(Records from a collection)
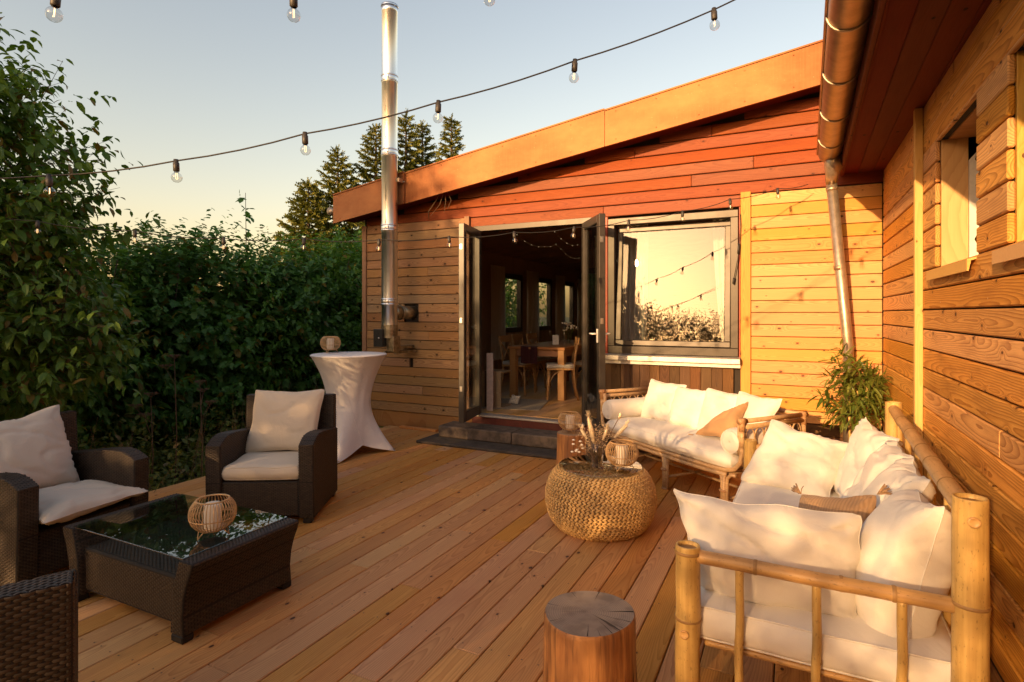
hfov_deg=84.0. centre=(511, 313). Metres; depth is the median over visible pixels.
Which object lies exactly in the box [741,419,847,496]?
cushion
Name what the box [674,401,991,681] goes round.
bamboo sofa
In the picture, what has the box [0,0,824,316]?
sky
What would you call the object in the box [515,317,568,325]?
ground
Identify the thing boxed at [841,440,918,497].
cushion
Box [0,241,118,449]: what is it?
hedge shrub
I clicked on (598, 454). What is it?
dried flower vase
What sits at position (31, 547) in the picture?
wicker armchair
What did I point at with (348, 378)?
bar table
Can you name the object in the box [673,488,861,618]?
cushion
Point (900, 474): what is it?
cushion
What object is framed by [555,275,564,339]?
curtain
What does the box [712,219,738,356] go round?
curtain
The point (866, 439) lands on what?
cushion
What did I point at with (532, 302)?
curtain
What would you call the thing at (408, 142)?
spruce tree
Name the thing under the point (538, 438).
step block
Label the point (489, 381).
door panel
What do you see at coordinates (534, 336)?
dining chair
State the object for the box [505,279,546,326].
hedge shrub
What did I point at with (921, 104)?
side wing
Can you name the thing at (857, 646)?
seat mattress
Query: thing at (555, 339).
menu card
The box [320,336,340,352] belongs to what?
reed lantern
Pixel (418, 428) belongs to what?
loose batten
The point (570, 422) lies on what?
reed lantern
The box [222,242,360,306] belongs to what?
hedge shrub
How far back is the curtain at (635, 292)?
6.67 m
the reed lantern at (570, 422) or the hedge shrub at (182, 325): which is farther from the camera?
the hedge shrub at (182, 325)
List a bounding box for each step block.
[439,421,522,443]
[512,428,614,454]
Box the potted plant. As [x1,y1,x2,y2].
[805,338,892,438]
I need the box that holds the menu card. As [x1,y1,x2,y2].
[552,335,558,344]
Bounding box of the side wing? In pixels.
[816,0,1023,681]
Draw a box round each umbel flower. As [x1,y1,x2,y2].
[129,392,157,486]
[158,354,179,483]
[194,380,217,475]
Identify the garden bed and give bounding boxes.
[149,445,200,486]
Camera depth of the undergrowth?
6.42 m
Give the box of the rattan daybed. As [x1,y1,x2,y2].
[598,387,808,500]
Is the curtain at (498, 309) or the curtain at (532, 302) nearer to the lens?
the curtain at (498, 309)
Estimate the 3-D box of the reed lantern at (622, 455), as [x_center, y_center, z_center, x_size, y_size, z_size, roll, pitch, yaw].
[0.758,0.975,3.924,0.227,0.188,0.227,0,0,21]
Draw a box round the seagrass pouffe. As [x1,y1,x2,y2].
[545,455,656,541]
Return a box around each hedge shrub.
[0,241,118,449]
[8,223,203,449]
[57,226,120,279]
[83,208,272,451]
[135,208,263,300]
[162,221,324,429]
[220,224,361,421]
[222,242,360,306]
[257,226,361,385]
[314,224,361,346]
[505,279,516,326]
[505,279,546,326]
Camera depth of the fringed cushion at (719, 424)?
4.58 m
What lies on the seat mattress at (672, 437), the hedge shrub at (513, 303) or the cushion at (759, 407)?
the cushion at (759, 407)
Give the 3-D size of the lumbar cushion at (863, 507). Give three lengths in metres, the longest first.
0.406 x 0.383 x 0.146 m
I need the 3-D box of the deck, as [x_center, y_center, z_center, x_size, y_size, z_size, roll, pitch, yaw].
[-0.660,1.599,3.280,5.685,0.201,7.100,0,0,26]
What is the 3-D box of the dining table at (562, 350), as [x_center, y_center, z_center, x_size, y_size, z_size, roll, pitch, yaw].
[0.855,0.863,9.334,0.900,0.760,2.300,0,0,26]
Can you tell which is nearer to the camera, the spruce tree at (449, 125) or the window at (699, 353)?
the window at (699, 353)
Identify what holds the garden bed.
on the ground at (543, 319)
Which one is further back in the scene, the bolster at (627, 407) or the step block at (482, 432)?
the step block at (482, 432)
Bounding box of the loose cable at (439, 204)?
[428,192,450,219]
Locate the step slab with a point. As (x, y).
(437, 439)
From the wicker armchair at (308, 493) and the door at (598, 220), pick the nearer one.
the wicker armchair at (308, 493)
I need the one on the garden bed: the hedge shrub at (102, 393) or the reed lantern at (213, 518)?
the hedge shrub at (102, 393)
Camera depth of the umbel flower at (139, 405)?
5.43 m
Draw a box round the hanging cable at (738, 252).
[732,215,740,283]
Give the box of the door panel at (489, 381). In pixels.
[487,353,492,410]
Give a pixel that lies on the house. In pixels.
(746, 130)
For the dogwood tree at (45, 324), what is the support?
on the garden bed
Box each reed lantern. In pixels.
[188,494,236,539]
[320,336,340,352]
[558,411,581,433]
[605,439,638,471]
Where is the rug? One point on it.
(531, 404)
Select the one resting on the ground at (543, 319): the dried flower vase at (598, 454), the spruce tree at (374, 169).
the spruce tree at (374, 169)
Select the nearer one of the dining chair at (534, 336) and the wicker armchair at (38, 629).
the wicker armchair at (38, 629)
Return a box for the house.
[327,39,885,452]
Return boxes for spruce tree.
[258,177,343,269]
[294,145,363,282]
[340,123,404,257]
[398,108,425,171]
[407,119,437,169]
[434,113,465,161]
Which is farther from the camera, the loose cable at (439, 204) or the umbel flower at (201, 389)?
the loose cable at (439, 204)
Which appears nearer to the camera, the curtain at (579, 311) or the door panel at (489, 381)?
the door panel at (489, 381)
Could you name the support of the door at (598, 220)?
in the house
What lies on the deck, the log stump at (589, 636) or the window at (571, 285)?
the log stump at (589, 636)
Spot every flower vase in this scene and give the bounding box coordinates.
[561,322,577,342]
[571,411,629,466]
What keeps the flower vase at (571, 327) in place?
on the dining table at (562, 350)
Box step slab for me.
[416,433,613,459]
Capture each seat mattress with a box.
[606,416,743,467]
[700,481,950,681]
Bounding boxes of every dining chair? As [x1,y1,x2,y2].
[498,335,535,395]
[511,334,545,390]
[526,333,557,386]
[546,337,579,400]
[574,360,581,394]
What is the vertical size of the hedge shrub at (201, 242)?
3.967 m
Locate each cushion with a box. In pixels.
[0,405,79,488]
[39,480,147,525]
[221,450,298,480]
[245,389,324,452]
[509,395,519,403]
[641,379,686,421]
[667,386,705,428]
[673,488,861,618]
[688,402,747,437]
[696,388,737,429]
[735,391,781,423]
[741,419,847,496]
[791,483,891,523]
[832,417,902,497]
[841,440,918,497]
[855,489,950,638]
[861,457,935,507]
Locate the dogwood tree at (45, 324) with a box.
[0,12,160,432]
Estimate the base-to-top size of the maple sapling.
3.788 m
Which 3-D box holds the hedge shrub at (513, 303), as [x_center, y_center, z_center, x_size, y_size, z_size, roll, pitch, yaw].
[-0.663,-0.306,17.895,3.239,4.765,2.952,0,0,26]
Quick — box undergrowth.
[57,368,383,490]
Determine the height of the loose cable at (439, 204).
0.327 m
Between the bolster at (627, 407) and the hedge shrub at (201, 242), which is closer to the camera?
the bolster at (627, 407)
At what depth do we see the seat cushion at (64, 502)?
3.33 m
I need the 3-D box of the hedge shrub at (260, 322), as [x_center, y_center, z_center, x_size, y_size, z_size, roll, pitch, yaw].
[-4.361,0.354,8.710,2.768,3.462,2.353,0,0,26]
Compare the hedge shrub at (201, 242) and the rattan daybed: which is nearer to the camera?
the rattan daybed
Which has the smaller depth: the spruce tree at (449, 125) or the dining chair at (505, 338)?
the dining chair at (505, 338)
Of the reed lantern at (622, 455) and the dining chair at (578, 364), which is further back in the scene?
the dining chair at (578, 364)
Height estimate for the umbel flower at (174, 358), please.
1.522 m
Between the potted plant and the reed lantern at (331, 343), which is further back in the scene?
the reed lantern at (331, 343)
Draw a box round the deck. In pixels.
[39,426,1001,681]
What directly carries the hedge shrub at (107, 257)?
on the garden bed
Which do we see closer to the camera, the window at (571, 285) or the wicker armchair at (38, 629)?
the wicker armchair at (38, 629)
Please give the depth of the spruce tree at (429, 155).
23.89 m
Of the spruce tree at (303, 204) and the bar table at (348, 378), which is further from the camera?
the spruce tree at (303, 204)
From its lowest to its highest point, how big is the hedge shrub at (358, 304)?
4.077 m
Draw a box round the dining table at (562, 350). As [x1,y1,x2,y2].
[508,340,581,400]
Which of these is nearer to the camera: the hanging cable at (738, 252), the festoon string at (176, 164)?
the festoon string at (176, 164)
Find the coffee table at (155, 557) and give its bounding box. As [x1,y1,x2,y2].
[63,493,298,644]
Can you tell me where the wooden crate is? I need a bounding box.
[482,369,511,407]
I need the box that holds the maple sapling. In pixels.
[233,190,254,329]
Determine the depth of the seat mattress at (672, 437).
4.83 m
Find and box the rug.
[482,398,548,410]
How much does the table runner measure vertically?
0.256 m
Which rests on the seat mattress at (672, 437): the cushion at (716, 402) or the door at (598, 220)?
the cushion at (716, 402)
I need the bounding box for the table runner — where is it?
[521,345,537,363]
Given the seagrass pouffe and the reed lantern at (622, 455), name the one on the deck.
the seagrass pouffe
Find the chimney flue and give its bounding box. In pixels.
[373,1,417,353]
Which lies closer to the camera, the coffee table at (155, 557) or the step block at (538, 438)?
the coffee table at (155, 557)
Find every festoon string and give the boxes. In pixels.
[0,0,734,194]
[45,0,495,22]
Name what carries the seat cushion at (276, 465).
on the wicker armchair at (308, 493)
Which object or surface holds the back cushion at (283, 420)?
on the seat cushion at (276, 465)
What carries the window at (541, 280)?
in the house
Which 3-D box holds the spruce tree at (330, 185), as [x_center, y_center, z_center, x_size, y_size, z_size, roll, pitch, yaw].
[-6.578,-2.201,20.847,4.567,8.201,4.949,0,0,13]
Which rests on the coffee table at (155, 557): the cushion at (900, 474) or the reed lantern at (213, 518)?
the reed lantern at (213, 518)
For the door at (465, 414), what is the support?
in the house
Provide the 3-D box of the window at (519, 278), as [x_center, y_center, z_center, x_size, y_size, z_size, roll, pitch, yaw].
[-0.050,-0.220,11.703,0.100,1.200,1.050,0,0,26]
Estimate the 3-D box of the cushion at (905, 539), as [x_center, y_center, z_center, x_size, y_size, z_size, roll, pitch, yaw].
[1.327,0.863,1.943,0.253,0.545,0.376,21,10,9]
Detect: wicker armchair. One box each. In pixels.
[0,410,148,585]
[0,569,77,681]
[205,393,337,522]
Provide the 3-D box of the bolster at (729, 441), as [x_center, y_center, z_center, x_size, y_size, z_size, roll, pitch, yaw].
[1.873,0.954,4.358,0.582,0.202,0.201,0,0,-26]
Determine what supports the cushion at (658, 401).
on the seat mattress at (672, 437)
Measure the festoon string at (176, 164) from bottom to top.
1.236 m
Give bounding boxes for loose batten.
[399,425,437,431]
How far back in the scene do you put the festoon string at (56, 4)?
1.75 m
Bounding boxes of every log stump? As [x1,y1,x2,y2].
[543,591,636,681]
[556,430,585,464]
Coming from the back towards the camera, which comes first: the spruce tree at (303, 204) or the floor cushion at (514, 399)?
the spruce tree at (303, 204)
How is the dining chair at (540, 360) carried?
on the house
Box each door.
[459,223,481,422]
[582,213,609,433]
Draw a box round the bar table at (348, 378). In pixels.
[310,351,394,462]
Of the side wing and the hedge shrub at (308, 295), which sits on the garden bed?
the hedge shrub at (308, 295)
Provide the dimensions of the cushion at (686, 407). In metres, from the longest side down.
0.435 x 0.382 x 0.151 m
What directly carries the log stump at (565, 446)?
on the deck
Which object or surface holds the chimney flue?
attached to the house
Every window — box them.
[505,273,522,332]
[539,278,551,329]
[565,281,573,328]
[605,209,740,367]
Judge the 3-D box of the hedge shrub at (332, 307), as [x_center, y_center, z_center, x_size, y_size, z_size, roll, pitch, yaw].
[-3.483,0.216,10.701,2.807,3.715,2.620,0,0,26]
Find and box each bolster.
[602,397,644,418]
[720,427,768,454]
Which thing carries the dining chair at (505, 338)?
on the house
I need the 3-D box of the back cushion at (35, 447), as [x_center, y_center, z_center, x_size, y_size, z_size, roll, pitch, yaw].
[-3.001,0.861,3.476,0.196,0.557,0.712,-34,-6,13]
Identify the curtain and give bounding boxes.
[490,264,505,359]
[526,270,538,343]
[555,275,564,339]
[577,279,581,339]
[618,224,647,353]
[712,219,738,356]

** PROBLEM DESCRIPTION **
An exact copy is needed of the closing lines of the entries above, counting from the one that contains "Find and box each bolster." and including it and the last.

** THE COMPLETED TASK **
Find and box each bolster.
[602,397,644,418]
[720,427,768,454]
Which thing carries the dining chair at (505, 338)?
on the house
I need the 3-D box of the back cushion at (35, 447), as [x_center, y_center, z_center, x_size, y_size, z_size, roll, pitch, yaw].
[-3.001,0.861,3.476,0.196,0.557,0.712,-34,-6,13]
Identify the curtain and give bounding boxes.
[490,264,505,359]
[526,270,538,343]
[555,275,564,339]
[577,279,581,339]
[618,224,647,353]
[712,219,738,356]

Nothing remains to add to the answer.